54.諦めてはならない
突如現れた上層部四人。
レーグル、ソール、ロワ、イノセンス。
この四人が……裏でザンキを操っていたなんて……。
こんなのは許せないし、彼らの勧誘を受けるつもりもなかった。
「お断りします!」
「……ほう、断るというのか」
不気味に笑うロワは、想定内といった感じの様相で頷く。それから、手を挙げた。
「ならば、この二十のザンキに飲まれるがいい」
「……!!」
迫りくる元冒険者二十人のザンキ。
彼等を倒すなんて……わたしには出来ない。
彼らは確かにそこにいた冒険者だったのだから……。それはつまり、なんの罪も犯していない人たちを殺すと同義。
手も足も出ない。
絶体絶命の、ピンチ。
…………どうすれば。
このまま死を受け入れるしかないの?
「……諦めたくないけど」
方法は思いつかなかった。
わたしにザンキを戻す力なんてない。その方法も分からない。彼がが言うにはそんな方法もないと言う。
がくっと項垂れて――
地面に膝をつく。
「どうやら、ザンキを受け入れるようですな」
頭をボリボリ掻きながら、レーグルは言った。
その通り、わたしに出来る事はもうない。
「…………」
残りのソールとイノセンスもニヤニヤと笑うだけ。それから、ザンキ二十人はわたしの方へ襲い掛かって来て――――。
これで、わたしは終わり。
そう思った。
「……諦めるな、グレイス!!!」
二十のザンキに飲まれる寸前で声がした。
厳しくも懐かしい声。
桃色の髪が揺れた。
赤い瞳がわたしを優しく見た。
「…………え、うそ……エイルさん?」
「ああ……今こそ罪を償う時が来たんだ。グレイス、すまなかった……」
「ど、どうして!?」
「私はずっと後悔していた。

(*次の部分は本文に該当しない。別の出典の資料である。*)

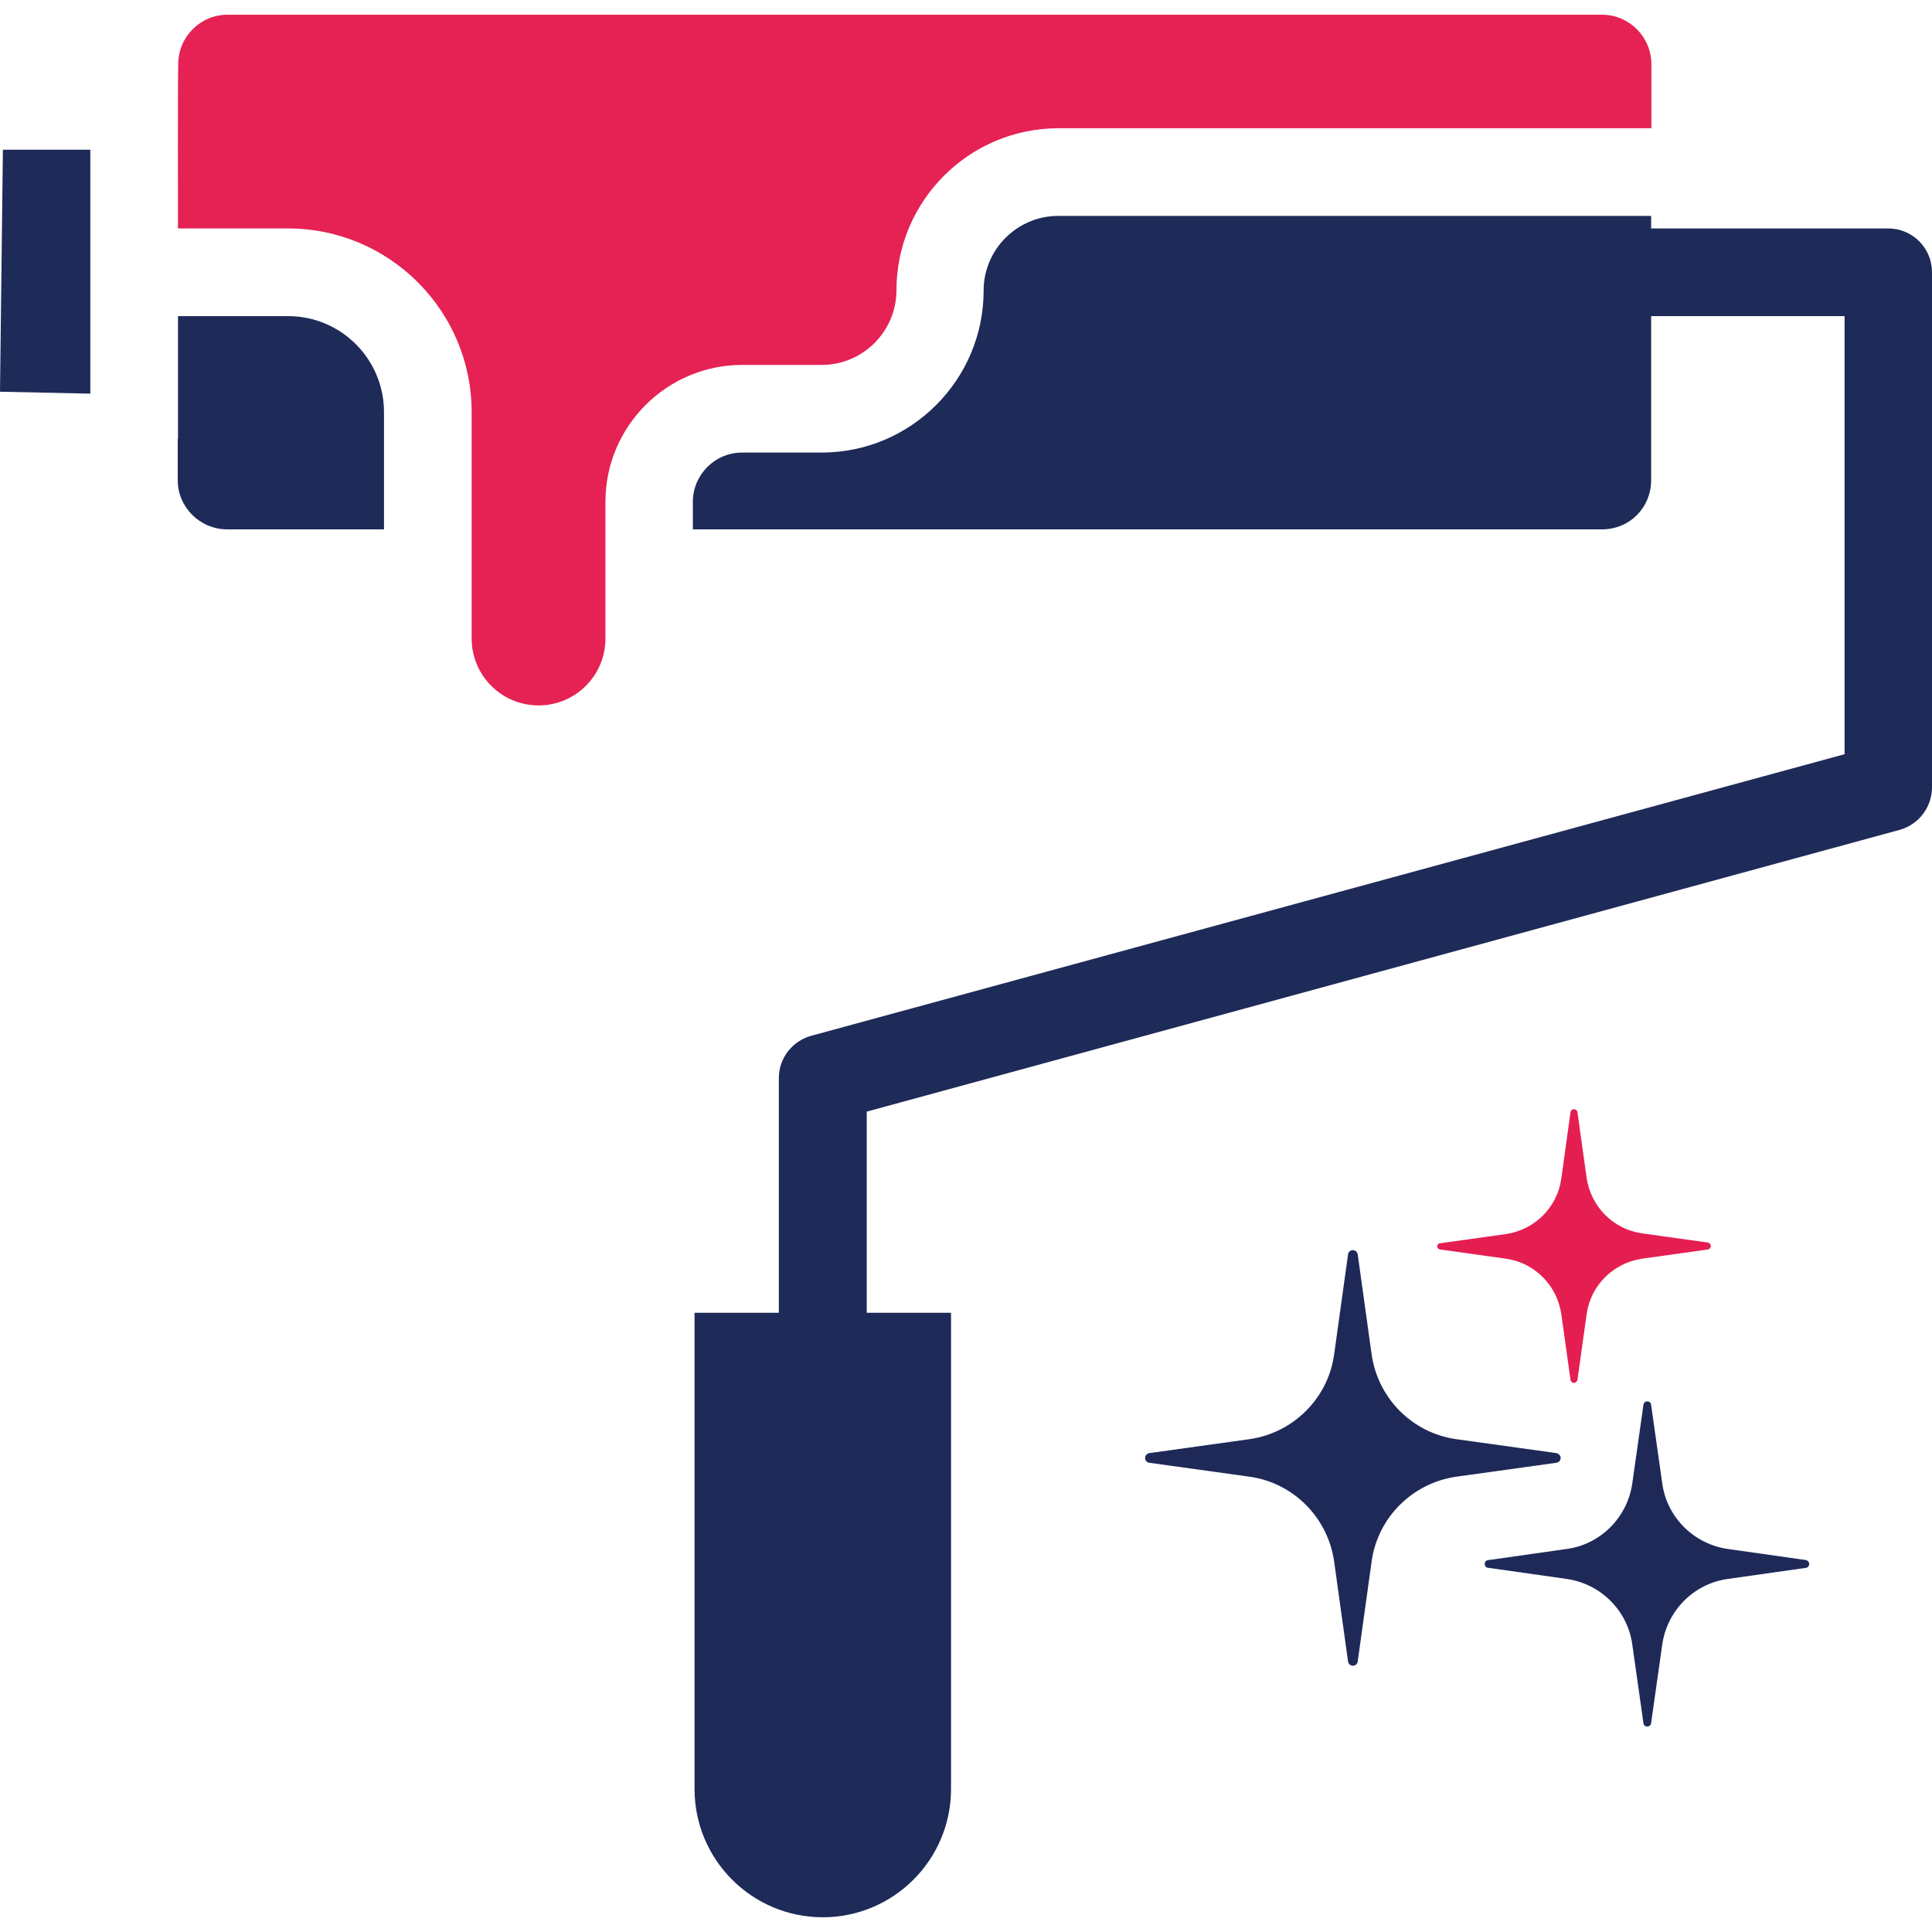 <?xml version="1.0" encoding="utf-8"?>
<!-- Generator: Adobe Illustrator 26.5.0, SVG Export Plug-In . SVG Version: 6.00 Build 0)  -->
<svg version="1.1" id="Layer_1" xmlns="http://www.w3.org/2000/svg" xmlns:xlink="http://www.w3.org/1999/xlink" x="0px" y="0px"
	 viewBox="0 0 80 80" style="enable-background:new 0 0 80 80;" xml:space="preserve">
<style type="text/css">
	.st0{fill:#1E2958;}
	.st1{fill:#E51E51;}
	.st2{fill:#1E2A58;}
	.st3{fill:#E52253;}
</style>
<g>
	<g>
		<path id="Path_527" class="st0" d="M64.45,60.17l-4.17-0.58c-1.8-0.26-3.21-1.68-3.48-3.48l-0.58-4.17
			c-0.02-0.11-0.12-0.19-0.23-0.17c-0.09,0.01-0.16,0.08-0.17,0.17l-0.58,4.17c-0.26,1.8-1.68,3.21-3.48,3.48l-4.17,0.58
			c-0.11,0.02-0.19,0.12-0.17,0.23c0.01,0.09,0.08,0.16,0.17,0.17l4.17,0.58c1.8,0.26,3.21,1.68,3.48,3.48l0.58,4.17
			c0.02,0.11,0.12,0.19,0.23,0.17c0.09-0.01,0.16-0.08,0.17-0.17l0.58-4.17c0.26-1.8,1.68-3.21,3.48-3.48l4.17-0.58
			c0.11-0.02,0.19-0.12,0.17-0.23C64.61,60.26,64.54,60.19,64.45,60.17z"/>
		<path id="Path_528" class="st1" d="M59.64,51.74l2.72,0.38c1.19,0.17,2.11,1.1,2.29,2.29l0.38,2.72c0.01,0.08,0.08,0.14,0.16,0.13
			c0.07-0.01,0.12-0.06,0.13-0.13l0.38-2.72c0.17-1.19,1.1-2.11,2.29-2.29l2.72-0.38c0.08-0.01,0.14-0.08,0.13-0.16
			c-0.01-0.07-0.06-0.12-0.13-0.13l-2.72-0.38c-1.19-0.17-2.11-1.1-2.29-2.29l-0.38-2.72c-0.01-0.08-0.08-0.14-0.16-0.13
			c-0.07,0.01-0.12,0.06-0.13,0.13l-0.38,2.75c-0.17,1.19-1.1,2.11-2.29,2.29l-2.72,0.38C59.47,51.49,59.47,51.72,59.64,51.74
			L59.64,51.74z"/>
		<path id="Path_529" class="st0" d="M74.79,64.6l-3.24-0.46c-1.41-0.2-2.53-1.31-2.72-2.72l-0.46-3.24c0-0.09-0.08-0.16-0.17-0.15
			c-0.08,0-0.15,0.07-0.15,0.15l-0.46,3.24c-0.2,1.41-1.31,2.53-2.72,2.72l-3.24,0.46c-0.09,0-0.16,0.08-0.15,0.17
			c0,0.08,0.07,0.15,0.15,0.15l3.24,0.46c1.41,0.2,2.53,1.31,2.72,2.72l0.46,3.24c0,0.09,0.08,0.16,0.17,0.15
			c0.08,0,0.15-0.07,0.15-0.15l0.46-3.24c0.2-1.41,1.31-2.53,2.72-2.72l3.24-0.46c0.09-0.02,0.14-0.11,0.12-0.19
			C74.9,64.67,74.85,64.62,74.79,64.6z"/>
	</g>
	<g>
		<path class="st2" d="M68.37,8.94H43.82c-1.7,0-3.09,1.39-3.09,3.09c0,3.7-3.01,6.71-6.71,6.71h-3.29c-1.13,0-2.04,0.92-2.04,2.04
			v1.14h37.64c1.15,0,2.04-0.9,2.04-2.04v-6.79h8.01v18.14L33.59,42.89c-0.79,0.22-1.34,0.93-1.34,1.75v9.72h-3.49v19.72
			c0,2.93,2.38,5.31,5.31,5.31s5.31-2.38,5.31-5.31V54.36h-3.49v-8.33l42.78-11.67C79.45,34.14,80,33.42,80,32.6V11.27
			c0-1-0.81-1.81-1.81-1.81h-9.82V8.94L68.37,8.94z"/>
		<path class="st2" d="M9.41,21.92h6.49v-4.86c0-2.19-1.78-3.97-3.97-3.97H7.37v5.07c0,0.01-0.01,0.02-0.01,0.03v1.7
			C7.36,21,8.28,21.92,9.41,21.92L9.41,21.92z"/>
		<path class="st2" d="M3.74,6.2H0.12L0,16.22l3.74,0.08V6.2z"/>
		<path class="st3" d="M7.37,9.46h4.56c4.19,0,7.6,3.41,7.6,7.6v6.65c0,0.01,0,0.01,0,0.02c0,0.01,0,0.01,0,0.02v2.69
			c0,1.53,1.24,2.77,2.77,2.77c1.53,0,2.77-1.24,2.77-2.77v-5.66c0-3.13,2.54-5.67,5.67-5.67h3.29c1.7,0,3.09-1.39,3.09-3.09
			c0-3.7,3.01-6.71,6.71-6.71h24.55V2.66c0-1.13-0.92-2.05-2.04-2.05H9.42c-1.13,0-2.04,0.92-2.04,2.05
			C7.36,3.22,7.37,8.9,7.37,9.46L7.37,9.46z"/>
	</g>
</g>
</svg>

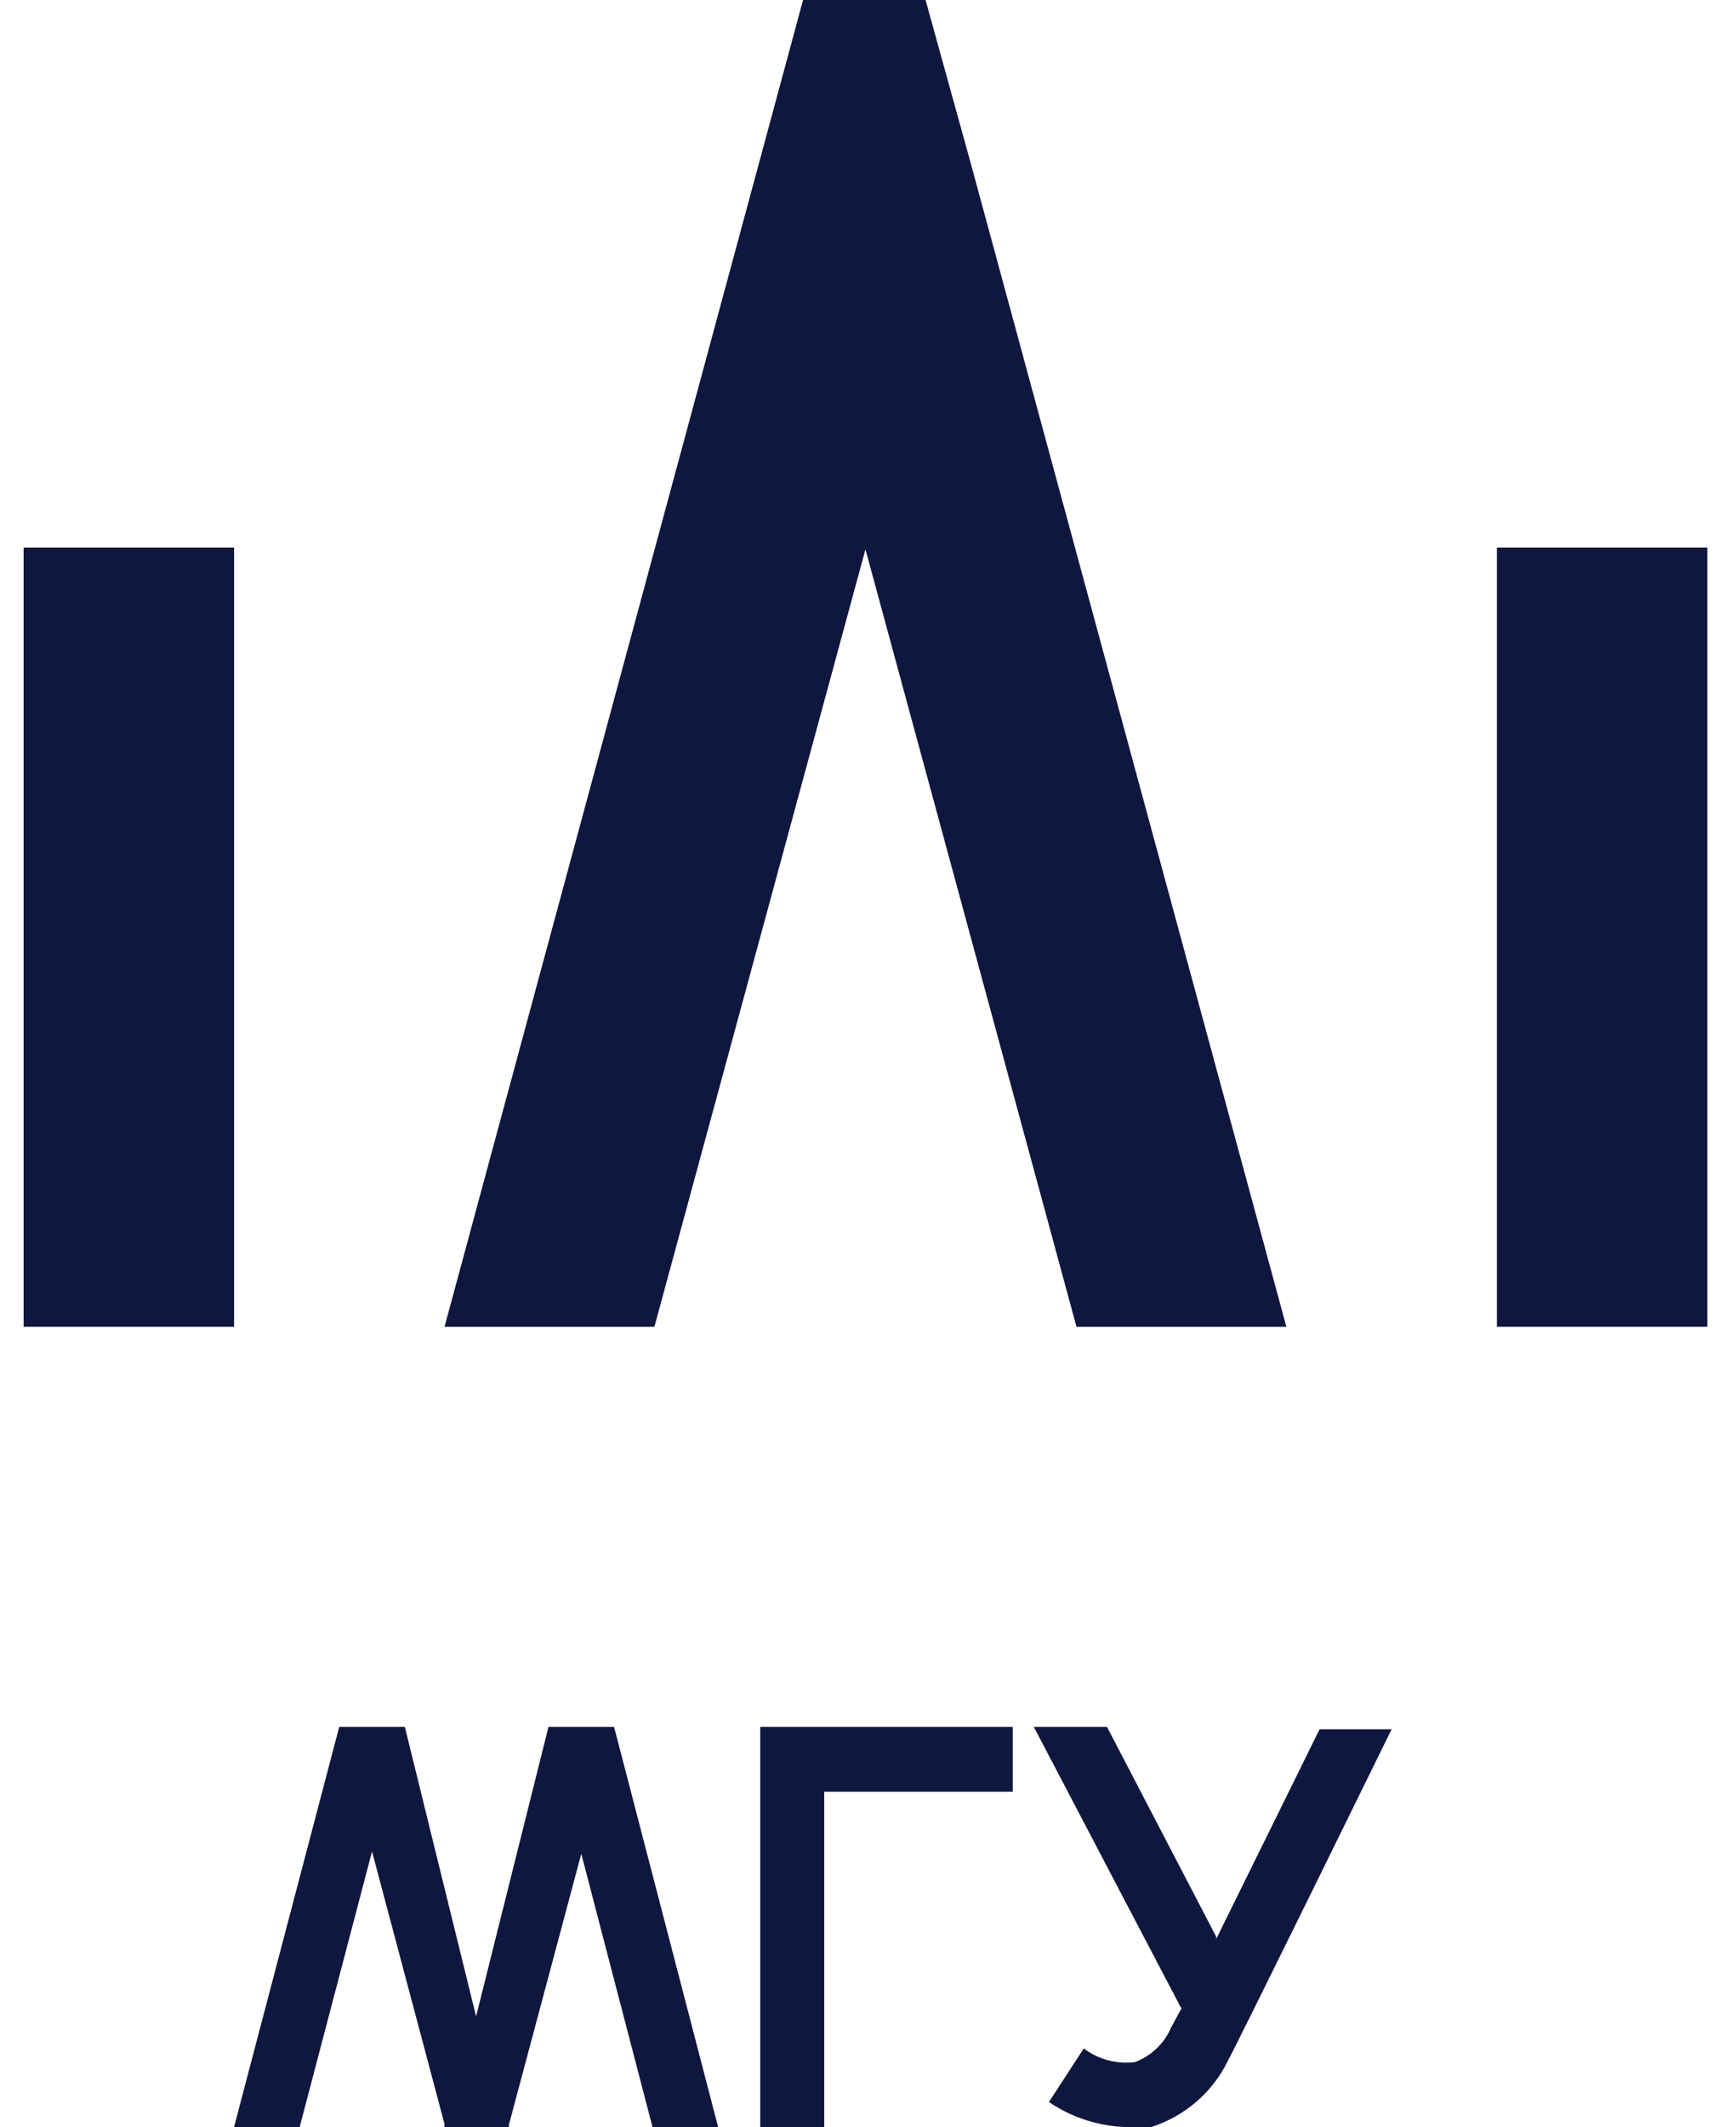 <?xml version="1.0" encoding="UTF-8"?> <svg xmlns="http://www.w3.org/2000/svg" width="49" height="60" viewBox="0 0 49 60" fill="none"><path d="M48.191 15.445H42.251V37.425H48.191V15.445Z" fill="#0F173F"></path><path d="M24.428 15.496L30.385 37.425H36.309L27.406 4.627L26.125 0H22.731H22.667L12.547 37.425H18.471L24.428 15.496Z" fill="#0F173F"></path><path d="M6.607 15.445H0.667V37.425H6.607V15.445Z" fill="#0F173F"></path><path d="M21.458 59.998H23.264V50.538H28.587V48.711H21.458V59.998Z" fill="#0F173F"></path><path d="M34.328 54.628L31.246 48.711H29.181L33.345 56.654L33.05 57.201C32.955 57.421 32.816 57.619 32.642 57.785C32.467 57.951 32.26 58.08 32.033 58.166C31.519 58.228 31.001 58.09 30.59 57.78L29.607 59.291C30.254 59.73 31.017 59.976 31.804 59.998H32.492C32.962 59.847 33.397 59.603 33.769 59.283C34.141 58.962 34.443 58.571 34.656 58.133C35.148 57.201 39.28 48.776 39.28 48.776H37.247L34.328 54.693" fill="#0F173F"></path><path d="M10.501 52.224L12.544 59.901V59.998H14.364V59.933L16.407 52.289L18.418 59.998H20.27L17.333 48.711H15.481L13.438 56.876L11.427 48.711H9.575L6.606 59.998H8.458L10.501 52.224Z" fill="#0F173F"></path></svg>

お前に酷い事言ってしまったからな……だから、せめてもの償いだ」
だからって、命を投げ出す事は!!
ザンキはエイルを襲って――
「うああああああああああああああああ……」
…………うそ、エイルさんが飲まれちゃった……。
上司が……ザンキに……。
「――オイオイ、今のはエイルではなかったか、ソール」
「あぁん? そいや、そんなヤツいたなぁ、我々を尾行していたか、あの使えねえエルフ」
ソールは馬鹿にしたように笑った。
ウソ、ウソよ……エイルさんが?
どうして……わたしなんかを。
……くっ。
「愚かね。ザンキに飲まれるとは」
そう冷徹に、感情なく言い放つロワは再び手を挙げる。……せっかくエイルさんが守ってくれたのに。それなのに……!
そうだ、エイルさんは言っていた。
諦めるなって。
「――――」
「ほう、立ち上がるか……グレイスのお嬢ちゃん」
意外そうに見つめるレーグルは、興味深そうに顎鬚を撫でた。当然よ、わたしはもう諦めない。諦めたくない。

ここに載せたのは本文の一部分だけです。